| Required action |
Wherever "evento" appears in a line of the records below, count that line, and report only the number.

--- Provided information ---

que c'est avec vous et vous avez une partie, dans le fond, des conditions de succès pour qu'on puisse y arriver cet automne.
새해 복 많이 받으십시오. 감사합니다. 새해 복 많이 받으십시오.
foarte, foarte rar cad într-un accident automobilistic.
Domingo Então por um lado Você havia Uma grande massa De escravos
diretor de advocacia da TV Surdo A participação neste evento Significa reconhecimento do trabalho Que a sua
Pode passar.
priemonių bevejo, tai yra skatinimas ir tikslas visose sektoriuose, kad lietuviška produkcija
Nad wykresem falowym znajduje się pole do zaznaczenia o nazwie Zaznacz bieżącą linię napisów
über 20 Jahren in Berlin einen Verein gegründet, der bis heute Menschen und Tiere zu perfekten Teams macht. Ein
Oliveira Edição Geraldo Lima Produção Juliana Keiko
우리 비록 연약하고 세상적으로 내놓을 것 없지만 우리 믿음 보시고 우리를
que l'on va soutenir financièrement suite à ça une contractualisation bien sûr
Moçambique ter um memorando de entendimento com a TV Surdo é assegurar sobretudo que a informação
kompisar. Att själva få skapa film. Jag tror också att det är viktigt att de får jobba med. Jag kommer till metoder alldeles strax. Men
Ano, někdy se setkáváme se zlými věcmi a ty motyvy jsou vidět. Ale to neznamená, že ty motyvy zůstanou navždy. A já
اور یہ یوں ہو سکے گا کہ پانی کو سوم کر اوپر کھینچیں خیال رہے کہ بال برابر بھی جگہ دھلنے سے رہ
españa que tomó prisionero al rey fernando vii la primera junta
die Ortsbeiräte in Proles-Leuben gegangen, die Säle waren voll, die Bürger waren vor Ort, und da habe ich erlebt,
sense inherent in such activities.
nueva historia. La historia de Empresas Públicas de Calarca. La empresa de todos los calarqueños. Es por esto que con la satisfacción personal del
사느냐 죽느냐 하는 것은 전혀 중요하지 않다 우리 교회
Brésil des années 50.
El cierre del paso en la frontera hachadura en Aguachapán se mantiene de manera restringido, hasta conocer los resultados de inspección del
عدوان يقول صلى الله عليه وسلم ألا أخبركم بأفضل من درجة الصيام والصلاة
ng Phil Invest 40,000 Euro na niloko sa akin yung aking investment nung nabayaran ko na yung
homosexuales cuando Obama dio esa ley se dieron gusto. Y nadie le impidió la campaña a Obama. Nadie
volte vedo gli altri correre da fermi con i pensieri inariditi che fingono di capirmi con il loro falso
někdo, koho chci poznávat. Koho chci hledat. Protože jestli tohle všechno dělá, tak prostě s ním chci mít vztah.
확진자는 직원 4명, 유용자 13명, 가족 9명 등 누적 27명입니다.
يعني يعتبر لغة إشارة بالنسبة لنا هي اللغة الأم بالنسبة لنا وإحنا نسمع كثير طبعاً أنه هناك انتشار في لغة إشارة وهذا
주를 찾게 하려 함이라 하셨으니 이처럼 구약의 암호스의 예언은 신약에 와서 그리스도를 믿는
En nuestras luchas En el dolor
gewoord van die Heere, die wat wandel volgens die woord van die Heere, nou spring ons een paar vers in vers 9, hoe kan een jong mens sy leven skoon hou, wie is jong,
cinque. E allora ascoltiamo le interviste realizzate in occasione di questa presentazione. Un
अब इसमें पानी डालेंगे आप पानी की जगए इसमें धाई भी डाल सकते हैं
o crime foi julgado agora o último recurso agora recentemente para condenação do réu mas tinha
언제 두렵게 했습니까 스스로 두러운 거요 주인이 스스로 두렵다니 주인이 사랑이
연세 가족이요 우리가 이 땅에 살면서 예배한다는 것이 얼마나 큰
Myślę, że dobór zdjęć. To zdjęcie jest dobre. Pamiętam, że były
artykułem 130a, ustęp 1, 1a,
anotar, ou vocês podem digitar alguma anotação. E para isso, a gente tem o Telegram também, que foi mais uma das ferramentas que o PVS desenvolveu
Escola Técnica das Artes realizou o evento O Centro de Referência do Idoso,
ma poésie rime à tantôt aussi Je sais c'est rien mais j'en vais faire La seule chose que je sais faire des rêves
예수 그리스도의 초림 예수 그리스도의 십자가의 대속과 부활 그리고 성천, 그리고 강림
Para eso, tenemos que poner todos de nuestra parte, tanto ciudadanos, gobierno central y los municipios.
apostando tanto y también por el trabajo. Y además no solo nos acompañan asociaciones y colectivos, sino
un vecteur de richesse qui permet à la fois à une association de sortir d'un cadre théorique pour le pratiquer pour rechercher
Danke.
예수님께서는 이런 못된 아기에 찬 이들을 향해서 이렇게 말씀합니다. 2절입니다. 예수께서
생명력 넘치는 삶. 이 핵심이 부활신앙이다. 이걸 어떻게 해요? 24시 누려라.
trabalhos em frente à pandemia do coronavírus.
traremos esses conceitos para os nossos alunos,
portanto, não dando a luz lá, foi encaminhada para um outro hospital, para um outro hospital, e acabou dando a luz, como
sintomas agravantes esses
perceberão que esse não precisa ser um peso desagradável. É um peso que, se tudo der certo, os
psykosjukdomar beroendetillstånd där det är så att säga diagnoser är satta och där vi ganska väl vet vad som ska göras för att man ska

---

| Reply |
2